---- MATERIAL FOR THIS EXERCISE
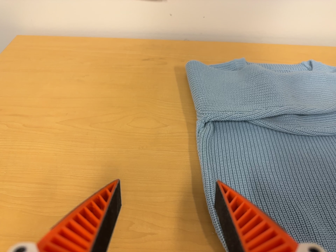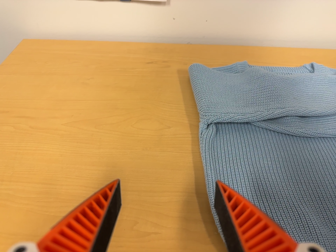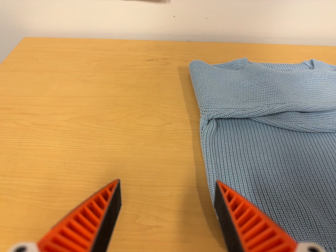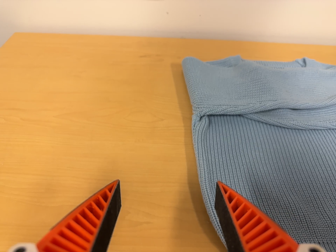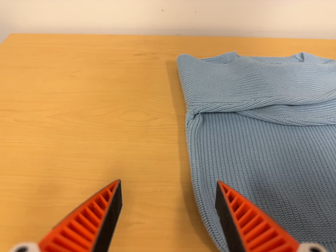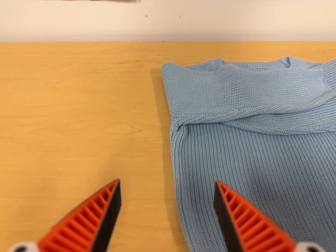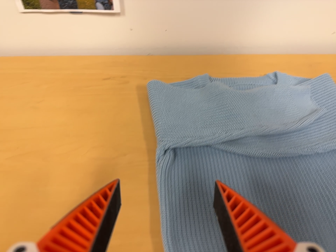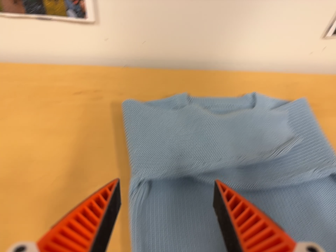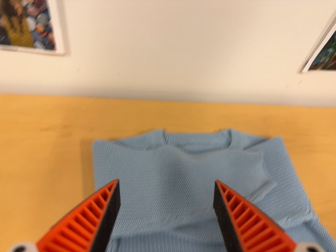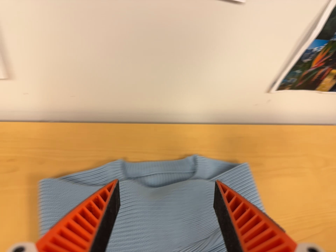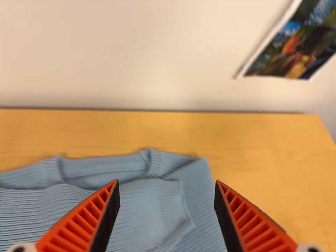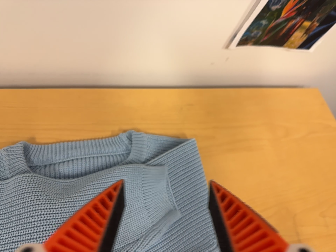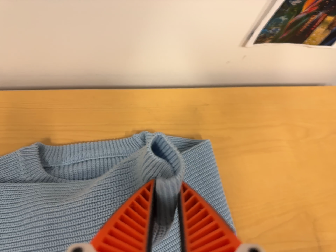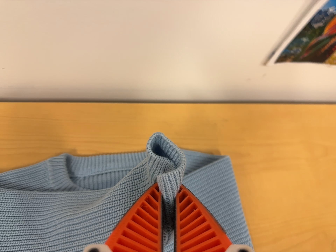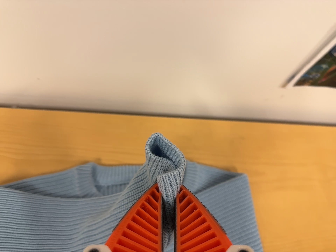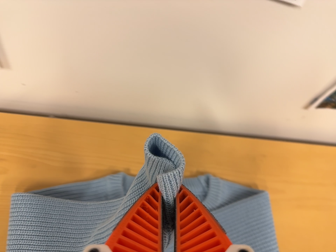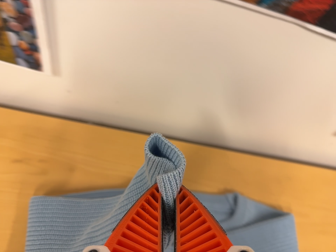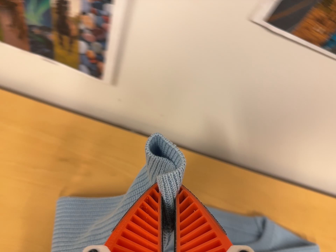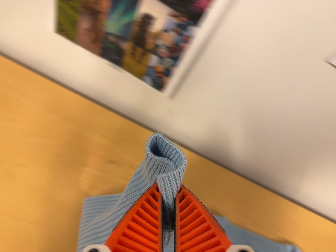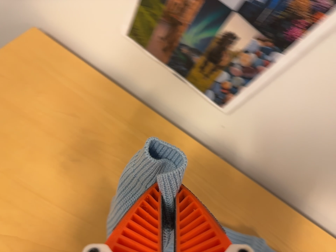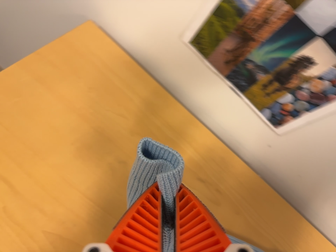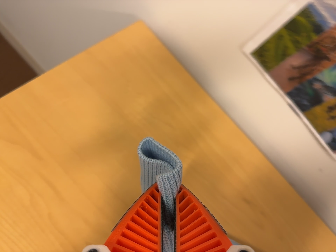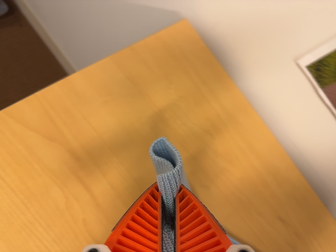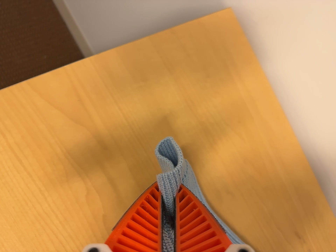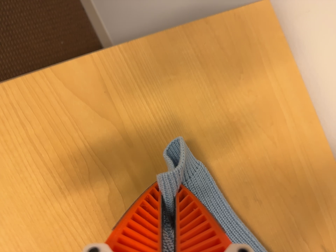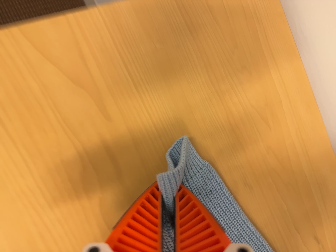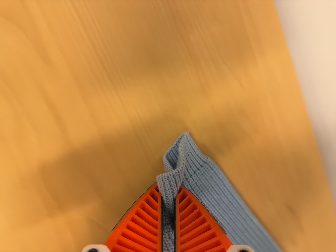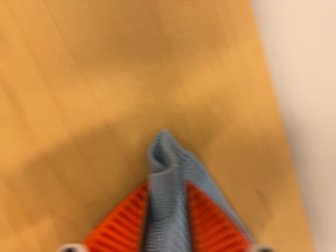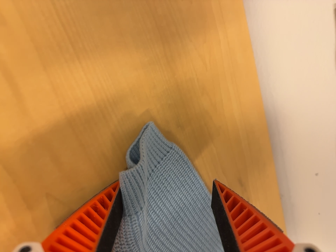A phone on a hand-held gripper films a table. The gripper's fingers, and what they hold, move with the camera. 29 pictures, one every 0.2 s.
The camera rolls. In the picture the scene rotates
clockwise.
0.0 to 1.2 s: The camera travels toward the top of its view and to its right, about 8 cm, so close, fixed things drift downward.
1.2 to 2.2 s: The scene slides to the left, as the camera pans about 20 degrees to its right. It travels toward the top of its view, forward and to its right, about 32 cm. Its aim tips toward the bottom of its view by about 15 degrees.
2.2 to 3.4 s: The camera swings to its left by about 15 degrees, and the scene slides to the right. It travels to its left and backward, about 18 cm, so close, fixed things drift to the right. Its aim tips toward the top of its view by about 10 degrees, and the scene shifts downward. It rolls about its line of sight by about 20 degrees, and the scene rotates clockwise.
3.4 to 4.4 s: The camera pans to its left by about 10 degrees. It travels to its left, about 34 cm, so close, fixed things drift to the right. It rolls about its line of sight by about 35 degrees, and the scene rotates clockwise.
4.4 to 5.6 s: The scene slides to the left, as the camera pans about 15 degrees to its right. It travels forward and to its left, about 12 cm, so what stands in front looms larger. Its aim tips toward the bottom of its view by about 15 degrees, and the scene shifts upward. It rolls about its line of sight by about 15 degrees, and the scene rotates clockwise.
The film runs backward here.
--------
**TASK STATEMENT:** Set the records down again exactly, and omit any picture in them.

**RESPONSE AREA:**
A phone on a hand-held gripper films a table. The gripper's fingers, and what they hold, move with the camera. 29 pictures, one every 0.2 s.
The camera rolls. In the picture the scene rotates
clockwise.
0.0 to 1.2 s: The camera travels toward the top of its view and to its right, about 8 cm, so close, fixed things drift downward.
1.2 to 2.2 s: The scene slides to the left, as the camera pans about 20 degrees to its right. It travels toward the top of its view, forward and to its right, about 32 cm. Its aim tips toward the bottom of its view by about 15 degrees.
2.2 to 3.4 s: The camera swings to its left by about 15 degrees, and the scene slides to the right. It travels to its left and backward, about 18 cm, so close, fixed things drift to the right. Its aim tips toward the top of its view by about 10 degrees, and the scene shifts downward. It rolls about its line of sight by about 20 degrees, and the scene rotates clockwise.
3.4 to 4.4 s: The camera pans to its left by about 10 degrees. It travels to its left, about 34 cm, so close, fixed things drift to the right. It rolls about its line of sight by about 35 degrees, and the scene rotates clockwise.
4.4 to 5.6 s: The scene slides to the left, as the camera pans about 15 degrees to its right. It travels forward and to its left, about 12 cm, so what stands in front looms larger. Its aim tips toward the bottom of its view by about 15 degrees, and the scene shifts upward. It rolls about its line of sight by about 15 degrees, and the scene rotates clockwise.
The film runs backward here.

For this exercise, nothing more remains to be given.